**ASSIGNMENT**
When a line below contains the word "calendar", copy that line.

**EXCERPTED RECORDS**

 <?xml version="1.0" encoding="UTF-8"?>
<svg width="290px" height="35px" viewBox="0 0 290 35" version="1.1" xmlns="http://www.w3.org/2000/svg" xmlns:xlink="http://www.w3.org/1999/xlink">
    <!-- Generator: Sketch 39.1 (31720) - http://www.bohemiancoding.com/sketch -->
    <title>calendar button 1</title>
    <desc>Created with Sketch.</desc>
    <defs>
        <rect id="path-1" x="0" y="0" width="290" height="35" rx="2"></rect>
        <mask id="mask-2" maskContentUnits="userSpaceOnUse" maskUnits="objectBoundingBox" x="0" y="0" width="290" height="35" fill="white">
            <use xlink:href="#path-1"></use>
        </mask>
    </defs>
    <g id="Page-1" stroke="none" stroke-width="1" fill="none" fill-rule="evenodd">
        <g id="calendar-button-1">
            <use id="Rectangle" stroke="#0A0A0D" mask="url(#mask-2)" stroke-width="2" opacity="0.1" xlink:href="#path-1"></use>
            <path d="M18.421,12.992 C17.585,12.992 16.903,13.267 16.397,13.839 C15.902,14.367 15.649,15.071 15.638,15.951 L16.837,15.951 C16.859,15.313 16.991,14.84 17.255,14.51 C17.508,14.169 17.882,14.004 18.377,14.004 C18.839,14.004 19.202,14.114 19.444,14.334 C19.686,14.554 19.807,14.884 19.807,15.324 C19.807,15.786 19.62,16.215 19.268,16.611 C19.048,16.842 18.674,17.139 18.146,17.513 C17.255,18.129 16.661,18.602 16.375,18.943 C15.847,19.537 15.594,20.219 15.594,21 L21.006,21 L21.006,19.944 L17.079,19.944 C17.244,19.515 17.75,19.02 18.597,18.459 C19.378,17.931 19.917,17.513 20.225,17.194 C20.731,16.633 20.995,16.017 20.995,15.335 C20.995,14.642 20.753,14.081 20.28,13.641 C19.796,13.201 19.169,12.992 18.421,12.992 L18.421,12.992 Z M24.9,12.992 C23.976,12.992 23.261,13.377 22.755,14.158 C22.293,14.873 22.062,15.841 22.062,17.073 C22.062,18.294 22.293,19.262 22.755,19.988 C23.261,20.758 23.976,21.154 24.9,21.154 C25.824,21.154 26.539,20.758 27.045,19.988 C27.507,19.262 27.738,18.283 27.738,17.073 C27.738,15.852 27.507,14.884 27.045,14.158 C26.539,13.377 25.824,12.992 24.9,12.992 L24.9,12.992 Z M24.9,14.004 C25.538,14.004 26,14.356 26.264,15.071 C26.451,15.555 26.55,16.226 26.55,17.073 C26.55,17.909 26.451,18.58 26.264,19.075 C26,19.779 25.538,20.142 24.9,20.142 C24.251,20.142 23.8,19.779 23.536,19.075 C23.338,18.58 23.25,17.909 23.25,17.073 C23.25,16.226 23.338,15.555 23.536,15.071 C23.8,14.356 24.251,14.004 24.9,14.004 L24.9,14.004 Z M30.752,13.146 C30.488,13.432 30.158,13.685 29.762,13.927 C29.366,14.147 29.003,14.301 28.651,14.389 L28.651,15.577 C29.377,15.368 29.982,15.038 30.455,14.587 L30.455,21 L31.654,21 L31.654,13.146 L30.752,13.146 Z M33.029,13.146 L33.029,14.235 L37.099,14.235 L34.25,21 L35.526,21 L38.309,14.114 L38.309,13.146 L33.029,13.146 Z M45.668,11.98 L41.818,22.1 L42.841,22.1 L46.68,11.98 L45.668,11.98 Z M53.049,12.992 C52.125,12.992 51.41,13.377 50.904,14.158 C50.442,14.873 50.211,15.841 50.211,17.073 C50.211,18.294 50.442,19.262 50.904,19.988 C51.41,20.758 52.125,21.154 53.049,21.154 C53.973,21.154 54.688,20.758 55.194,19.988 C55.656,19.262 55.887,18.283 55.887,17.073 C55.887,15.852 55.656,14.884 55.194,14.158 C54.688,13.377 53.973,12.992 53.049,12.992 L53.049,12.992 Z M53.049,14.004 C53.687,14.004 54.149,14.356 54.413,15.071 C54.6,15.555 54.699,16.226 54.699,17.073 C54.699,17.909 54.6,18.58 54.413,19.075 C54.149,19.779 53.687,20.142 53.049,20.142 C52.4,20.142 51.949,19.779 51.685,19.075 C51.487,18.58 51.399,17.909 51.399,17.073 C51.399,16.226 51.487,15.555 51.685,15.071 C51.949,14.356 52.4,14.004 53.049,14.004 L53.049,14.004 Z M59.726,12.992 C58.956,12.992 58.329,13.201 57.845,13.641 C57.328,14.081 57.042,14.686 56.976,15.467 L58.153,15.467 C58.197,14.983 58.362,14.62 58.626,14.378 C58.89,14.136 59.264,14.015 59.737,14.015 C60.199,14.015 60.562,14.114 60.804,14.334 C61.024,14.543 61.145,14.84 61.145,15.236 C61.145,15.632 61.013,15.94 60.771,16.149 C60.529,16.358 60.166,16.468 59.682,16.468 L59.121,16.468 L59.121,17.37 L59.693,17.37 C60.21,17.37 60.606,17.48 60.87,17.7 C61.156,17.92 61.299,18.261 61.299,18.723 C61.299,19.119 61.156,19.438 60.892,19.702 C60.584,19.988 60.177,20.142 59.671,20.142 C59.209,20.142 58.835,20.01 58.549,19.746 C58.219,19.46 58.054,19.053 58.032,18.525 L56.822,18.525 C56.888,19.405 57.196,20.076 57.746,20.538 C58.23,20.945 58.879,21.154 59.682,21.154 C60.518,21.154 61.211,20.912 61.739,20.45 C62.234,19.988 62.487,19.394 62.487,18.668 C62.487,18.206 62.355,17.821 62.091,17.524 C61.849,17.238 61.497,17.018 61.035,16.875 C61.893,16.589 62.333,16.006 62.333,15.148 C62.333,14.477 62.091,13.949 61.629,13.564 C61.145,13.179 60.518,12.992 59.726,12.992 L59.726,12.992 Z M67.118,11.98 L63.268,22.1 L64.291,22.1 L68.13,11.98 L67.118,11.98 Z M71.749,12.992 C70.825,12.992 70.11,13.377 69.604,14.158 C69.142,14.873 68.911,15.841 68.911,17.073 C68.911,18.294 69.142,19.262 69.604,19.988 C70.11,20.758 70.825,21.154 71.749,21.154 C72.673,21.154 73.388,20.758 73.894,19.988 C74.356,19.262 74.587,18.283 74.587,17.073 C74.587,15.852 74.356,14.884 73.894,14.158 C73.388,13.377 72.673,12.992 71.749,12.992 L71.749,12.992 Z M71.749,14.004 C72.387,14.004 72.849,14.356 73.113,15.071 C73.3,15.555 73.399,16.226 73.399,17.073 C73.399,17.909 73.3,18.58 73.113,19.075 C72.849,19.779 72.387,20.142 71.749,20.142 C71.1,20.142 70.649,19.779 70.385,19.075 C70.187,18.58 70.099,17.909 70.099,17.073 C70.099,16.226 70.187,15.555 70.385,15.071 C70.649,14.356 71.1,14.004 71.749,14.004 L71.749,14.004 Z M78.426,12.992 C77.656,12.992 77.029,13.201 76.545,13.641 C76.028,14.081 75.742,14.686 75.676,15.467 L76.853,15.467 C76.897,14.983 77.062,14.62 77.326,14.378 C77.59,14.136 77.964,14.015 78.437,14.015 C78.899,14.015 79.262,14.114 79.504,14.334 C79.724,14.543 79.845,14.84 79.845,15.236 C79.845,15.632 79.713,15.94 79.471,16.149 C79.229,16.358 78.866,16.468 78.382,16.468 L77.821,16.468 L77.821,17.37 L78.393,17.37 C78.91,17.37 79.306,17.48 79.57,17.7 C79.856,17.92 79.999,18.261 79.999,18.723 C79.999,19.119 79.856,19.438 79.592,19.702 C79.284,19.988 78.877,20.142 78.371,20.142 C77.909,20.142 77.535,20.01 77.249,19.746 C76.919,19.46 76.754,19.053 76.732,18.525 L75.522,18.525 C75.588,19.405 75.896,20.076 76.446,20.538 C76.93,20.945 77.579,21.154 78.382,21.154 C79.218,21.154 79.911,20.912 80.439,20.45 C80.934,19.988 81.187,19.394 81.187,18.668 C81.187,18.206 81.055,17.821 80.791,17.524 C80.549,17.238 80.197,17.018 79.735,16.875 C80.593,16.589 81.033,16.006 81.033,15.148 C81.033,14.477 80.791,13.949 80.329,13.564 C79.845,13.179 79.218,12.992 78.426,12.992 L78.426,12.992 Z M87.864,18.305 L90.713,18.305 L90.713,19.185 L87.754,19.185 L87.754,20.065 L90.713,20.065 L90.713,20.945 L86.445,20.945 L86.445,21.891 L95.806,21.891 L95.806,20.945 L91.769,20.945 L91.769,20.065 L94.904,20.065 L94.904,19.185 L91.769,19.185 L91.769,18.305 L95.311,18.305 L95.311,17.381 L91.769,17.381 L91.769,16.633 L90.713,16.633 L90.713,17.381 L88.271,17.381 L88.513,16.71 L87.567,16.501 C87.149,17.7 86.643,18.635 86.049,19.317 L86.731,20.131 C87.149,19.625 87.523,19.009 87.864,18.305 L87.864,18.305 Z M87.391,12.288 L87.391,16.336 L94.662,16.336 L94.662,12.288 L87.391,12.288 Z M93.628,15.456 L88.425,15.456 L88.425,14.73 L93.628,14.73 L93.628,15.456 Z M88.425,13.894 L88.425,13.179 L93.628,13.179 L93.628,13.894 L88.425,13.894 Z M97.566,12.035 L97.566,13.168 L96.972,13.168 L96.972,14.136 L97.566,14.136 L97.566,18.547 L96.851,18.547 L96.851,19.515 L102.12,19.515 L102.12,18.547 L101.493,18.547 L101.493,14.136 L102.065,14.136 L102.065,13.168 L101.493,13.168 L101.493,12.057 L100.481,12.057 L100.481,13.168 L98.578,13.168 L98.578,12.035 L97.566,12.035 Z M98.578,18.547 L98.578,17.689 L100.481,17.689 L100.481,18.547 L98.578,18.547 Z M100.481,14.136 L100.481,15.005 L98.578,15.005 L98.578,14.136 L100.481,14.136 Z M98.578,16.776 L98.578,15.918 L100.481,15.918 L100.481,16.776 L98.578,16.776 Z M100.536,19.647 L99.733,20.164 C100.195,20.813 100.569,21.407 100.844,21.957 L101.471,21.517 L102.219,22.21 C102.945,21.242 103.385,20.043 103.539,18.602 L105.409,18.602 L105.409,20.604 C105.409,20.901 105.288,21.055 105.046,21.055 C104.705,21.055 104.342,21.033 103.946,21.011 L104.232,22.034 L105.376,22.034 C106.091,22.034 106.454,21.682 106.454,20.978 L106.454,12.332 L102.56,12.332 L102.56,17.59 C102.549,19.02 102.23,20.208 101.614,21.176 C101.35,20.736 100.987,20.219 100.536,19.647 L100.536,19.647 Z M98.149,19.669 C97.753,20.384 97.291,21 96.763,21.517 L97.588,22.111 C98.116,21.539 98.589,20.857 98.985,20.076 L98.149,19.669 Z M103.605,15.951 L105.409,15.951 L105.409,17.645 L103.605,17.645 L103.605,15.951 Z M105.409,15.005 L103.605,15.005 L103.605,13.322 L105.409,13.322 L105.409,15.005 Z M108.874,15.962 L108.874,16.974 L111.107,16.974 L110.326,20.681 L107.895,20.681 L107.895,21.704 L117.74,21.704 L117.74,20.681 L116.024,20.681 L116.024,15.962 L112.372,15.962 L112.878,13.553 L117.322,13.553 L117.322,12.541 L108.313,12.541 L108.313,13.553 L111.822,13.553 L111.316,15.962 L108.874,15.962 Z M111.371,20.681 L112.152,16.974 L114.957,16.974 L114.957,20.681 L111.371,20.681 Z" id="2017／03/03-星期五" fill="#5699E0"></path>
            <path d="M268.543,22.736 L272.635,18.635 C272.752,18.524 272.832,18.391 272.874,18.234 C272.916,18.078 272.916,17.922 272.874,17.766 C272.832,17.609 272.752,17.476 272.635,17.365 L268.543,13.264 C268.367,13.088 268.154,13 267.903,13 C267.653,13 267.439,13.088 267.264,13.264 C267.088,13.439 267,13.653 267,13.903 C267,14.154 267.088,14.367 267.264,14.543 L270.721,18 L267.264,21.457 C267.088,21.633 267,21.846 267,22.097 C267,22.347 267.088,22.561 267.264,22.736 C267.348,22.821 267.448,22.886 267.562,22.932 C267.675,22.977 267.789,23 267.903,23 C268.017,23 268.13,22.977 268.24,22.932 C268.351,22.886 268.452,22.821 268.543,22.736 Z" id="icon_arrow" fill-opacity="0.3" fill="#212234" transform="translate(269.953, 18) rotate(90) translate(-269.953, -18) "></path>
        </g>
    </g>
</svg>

**THE ANSWER**
    <title>calendar button 1</title>
        <g id="calendar-button-1">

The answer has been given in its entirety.